◆ What is expected ◆
Word for word, copy the lines from the one with "Which crop is" to the last line of the data below, counting both, and keep every picture out.

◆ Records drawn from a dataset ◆
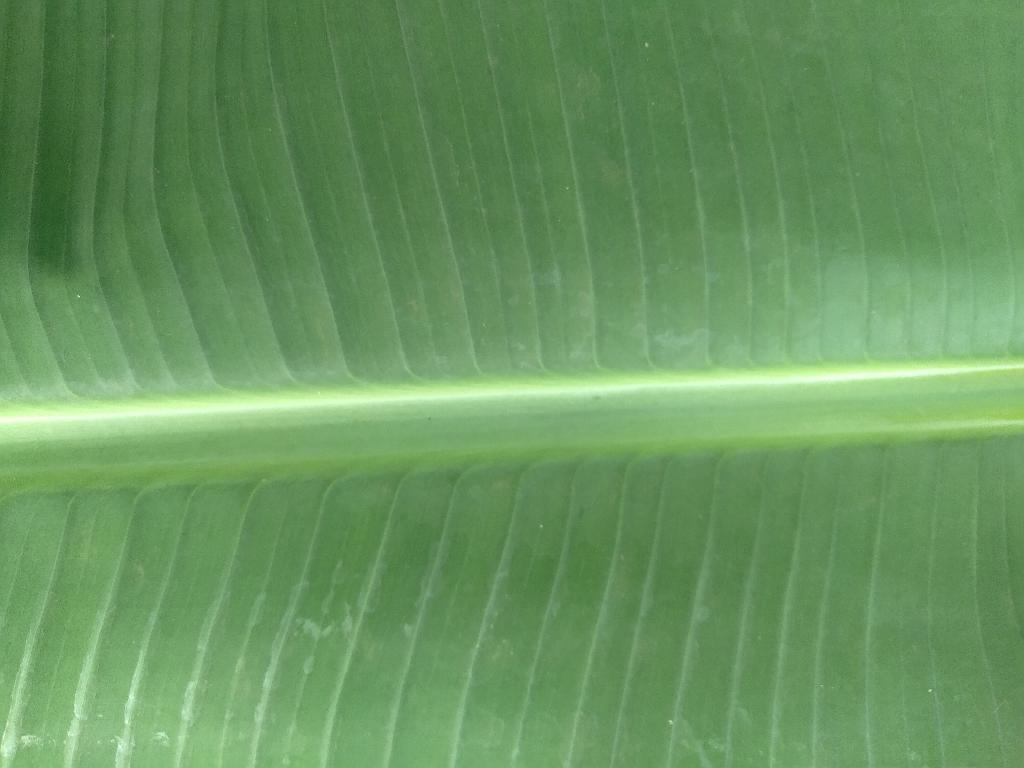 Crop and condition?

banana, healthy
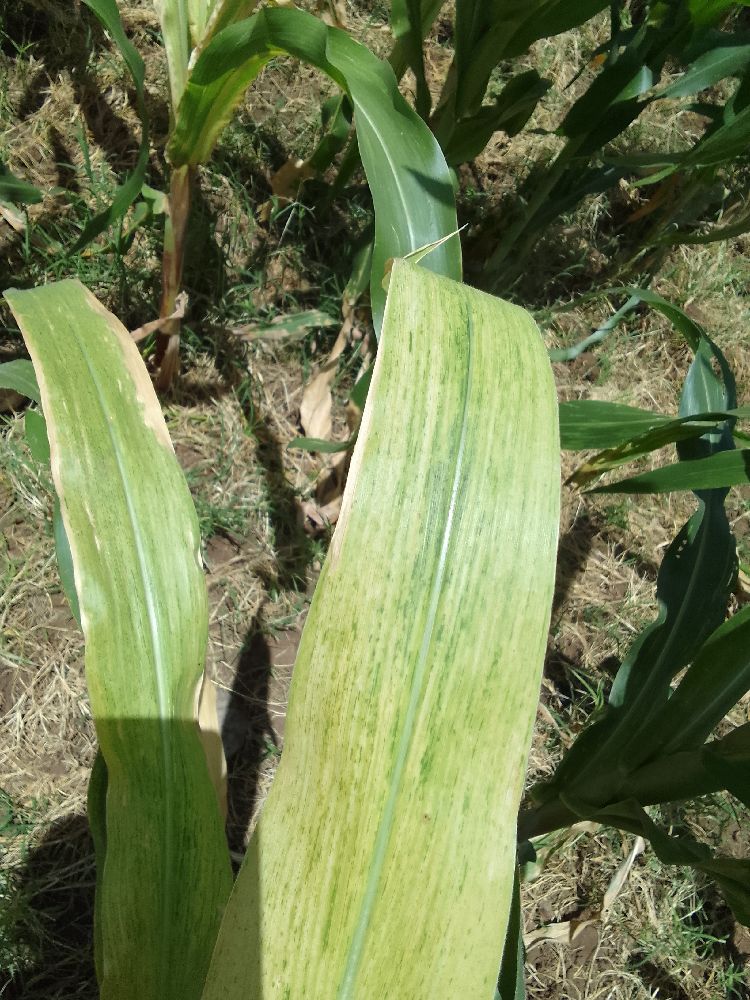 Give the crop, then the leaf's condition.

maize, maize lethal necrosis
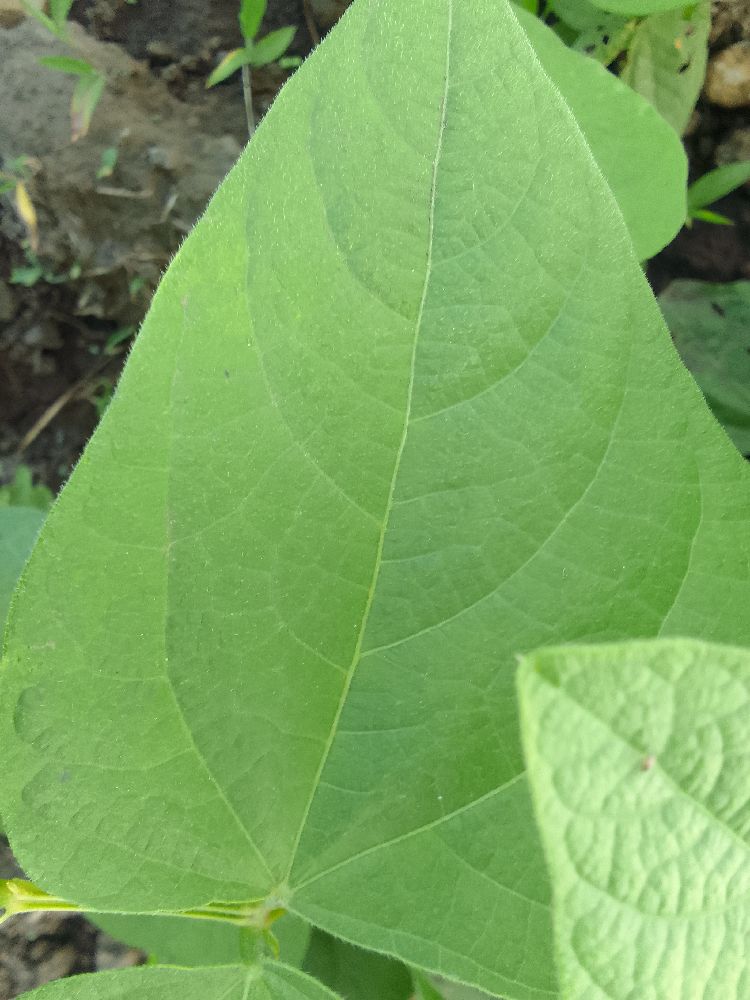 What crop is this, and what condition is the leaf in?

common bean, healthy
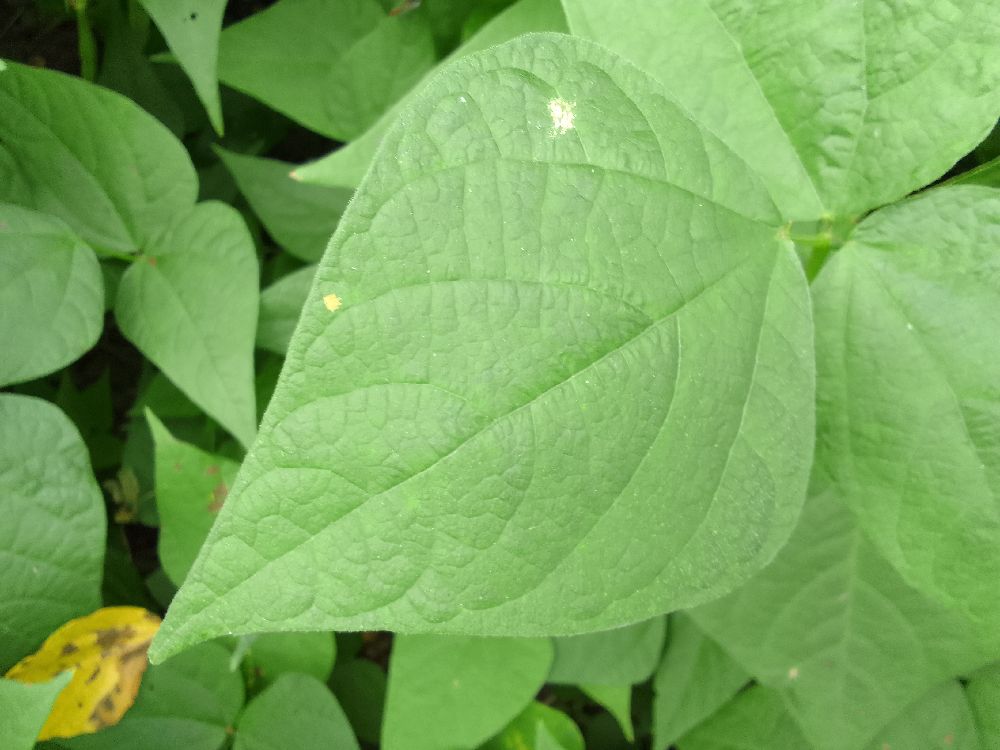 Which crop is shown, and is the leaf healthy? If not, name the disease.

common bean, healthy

◆ Task solution ◆
 Which crop is shown, and is the leaf healthy? If not, name the disease.

common bean, healthy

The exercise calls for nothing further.